Quand Aiden, un séduisant dévastateur aussi arrogant que malpoli, fait irruption dans la vie d'Emerald, une jeune femme douce et innocente, elle découvre la trahison, les abysses de la souffrance et une dévotion intense. Malgré leurs personnalités opposées, ils partagent bien plus qu'il n'y paraît. La vie va les mettre à l'épreuve, le destin va tenter de les briser, mais au cœur du chaos, la vision de l'amour d'Aiden est sur le point d'être totalement bouleversée.

Genre :
Romance
Auteur :
urvashi_
Statut :
Terminé
Chapitres :
60
Rating
3.0 3 avis
Classification par âge :
18+

Chapitre 1

Note de l'auteur : RIGHT est une histoire d'amour et de chagrin, de choix et de pertes, de rester quand cela fait mal et de partir quand cela semble impossible.
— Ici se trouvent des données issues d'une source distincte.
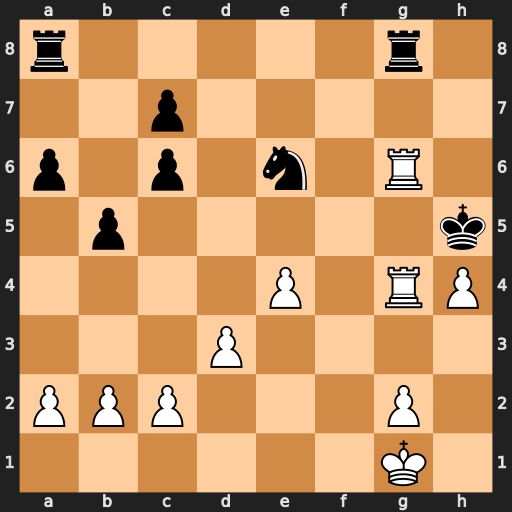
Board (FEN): r5r1/2p5/p1p1n1R1/1p5k/4P1RP/3P4/PPP3P1/6K1
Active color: w
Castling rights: -
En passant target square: -
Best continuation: Rxg8 Rxg8 Rxg8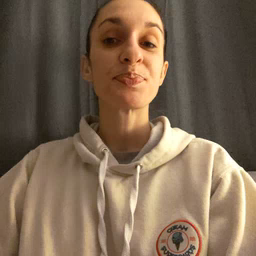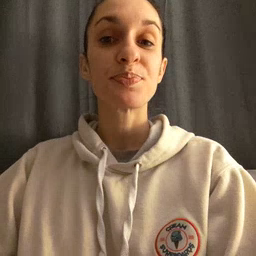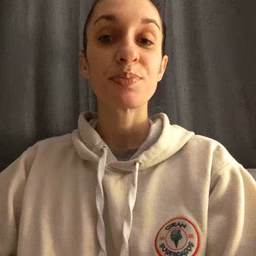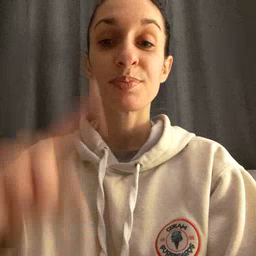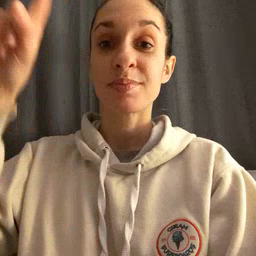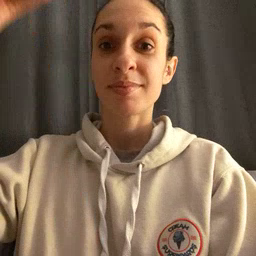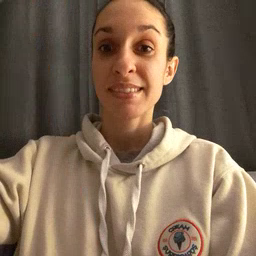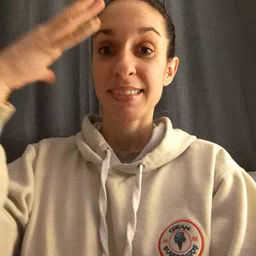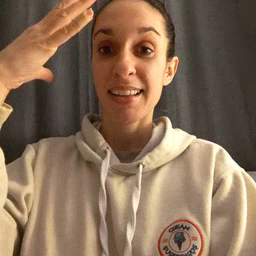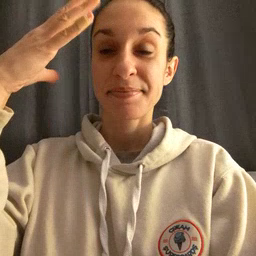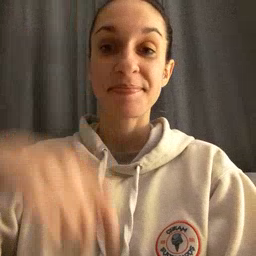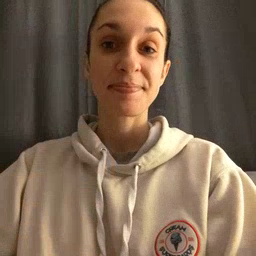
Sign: sun
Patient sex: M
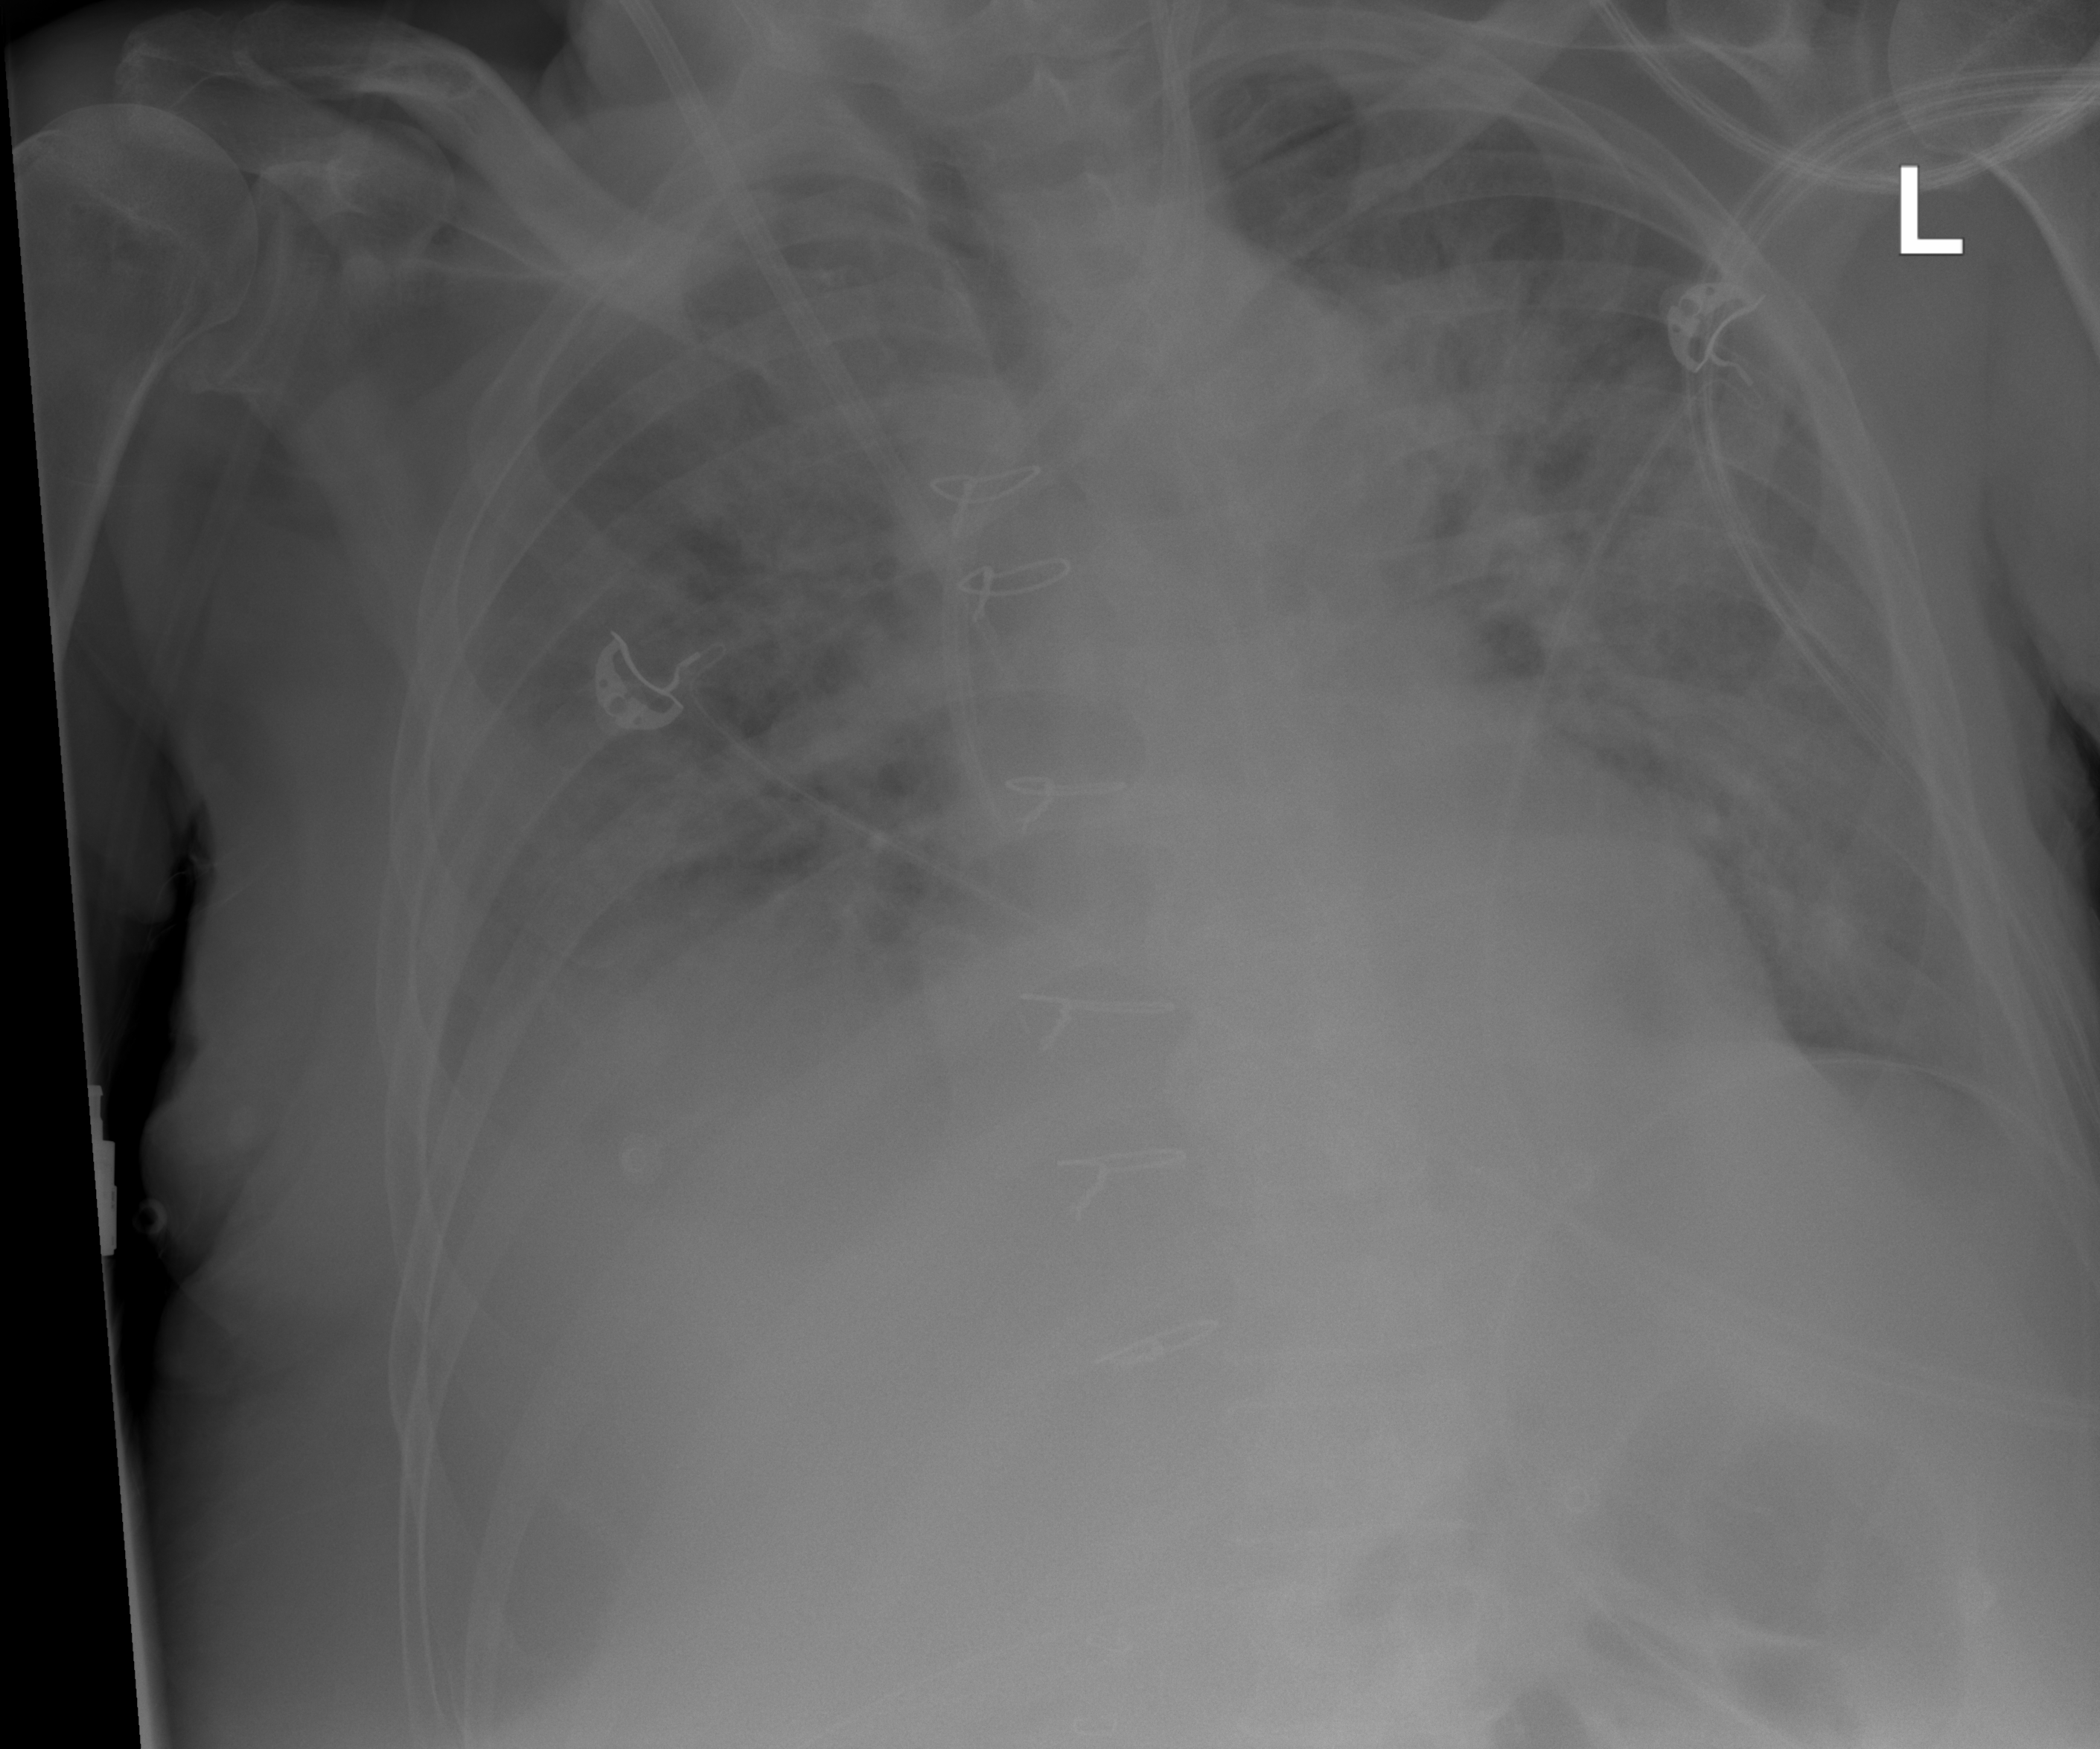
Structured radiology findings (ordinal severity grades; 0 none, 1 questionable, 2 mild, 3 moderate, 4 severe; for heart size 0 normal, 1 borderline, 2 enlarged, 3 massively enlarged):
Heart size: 0
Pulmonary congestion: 0
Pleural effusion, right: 3
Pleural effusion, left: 2
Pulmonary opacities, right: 2
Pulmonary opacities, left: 1
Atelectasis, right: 2
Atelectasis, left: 2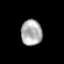
Tissue: prostate
Cell type: Myeloid cells
Senescence score: 0.3499
Nuclear area (px): 531
Mean DAPI intensity: 173.379

Je vous promets ceci : à la fin de ce livre, vous serez une épave émotionnelle.

Alors, gardez vos mouchoirs à portée de main et essayez de ne pas craquer pour Aiden, car malgré toute sa tentation, il a toujours été destiné à Emerald.

Bonne lecture !

-

« Celestine. »

Une voix mélodieuse et pourtant douloureuse s'éleva derrière elle. Elle pivota lentement pour faire face à la personne.

« Pourquoi es-tu venu ici, Erasmus ? » demanda Celestine. Il y a peu de temps encore, des larmes coulaient sur son visage, trahissant la tempête qui faisait rage en elle.

L'homme fit un pas vers elle, une multitude de mots se bousculant dans sa tête. Pourtant, il prononça ceux qu'elle mourait d'envie d'entendre depuis si longtemps.

« Je devais venir. » Les yeux d'Erasmus brûlaient d'une passion féroce. « Parce que je t'aime. »

Le silence retomba.

L'attente se fit plus intense.

La force de ses mots lui brisa le cœur. Il était trop tard pour des aveux. Elle avait trop pleuré pour ce jour-là et avait espéré entendre ces mots pendant trop de nuits, mais à présent, elle ne ressentait plus que de l'amertume et de l'angoisse.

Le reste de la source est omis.